This is the first of a two part blog on office politics. In this blog I examine what it is, how it manifests itself, and the ethics of office politics. My workplace ethics advice blog tomorrow will look at the effects of office politics in the workplace.
There are a variety of definitions of office politics. The Merriam Webster online dictionary defines it as “the activities, attitudes, or behaviors that are used to get or keep power or an advantage within a business or company.”
A more comprehensive definition is offered by Michael and Deborah Dobson in their book Enlightened Office Politics: Understanding, Coping with, and Winning the Game – Without Losing Your Soul. They define it as: “The information and sometimes emotion-driven process of allocating limited resources and working out goals, decisions and actions in an environment of people with different and competing interests and personalities.” This is a more operational definition that fits the workplace better.

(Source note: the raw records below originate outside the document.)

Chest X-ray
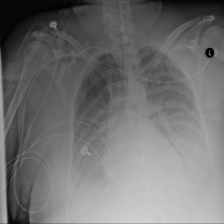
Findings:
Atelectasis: negative
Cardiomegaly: negative
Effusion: negative
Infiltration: negative
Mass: negative
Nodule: negative
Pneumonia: negative
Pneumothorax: negative
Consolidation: positive
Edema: negative
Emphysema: negative
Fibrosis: negative
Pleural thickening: negative
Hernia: negative

Reasons for Office Politics
A Management Study Guide lists the reasons for workplace politics:
- Employees aspiring to come in the limelight easily without much hard word depend on politics.
- Politics arises when employees aspire to achieve something beyond their authority and control in a short span of time.
- Lack of supervision and control at the workplace.
- Too much of gossip at work lead to politics.
- Arrogant superiors.
- Jealous colleagues.
Some workers play office politics to gain an unfair advantage over a colleague by currying favor with a superior at the expense of the co-worker. This may occur by criticizing the co-worker, talking down about him/her to the superior, or taking credit for their work.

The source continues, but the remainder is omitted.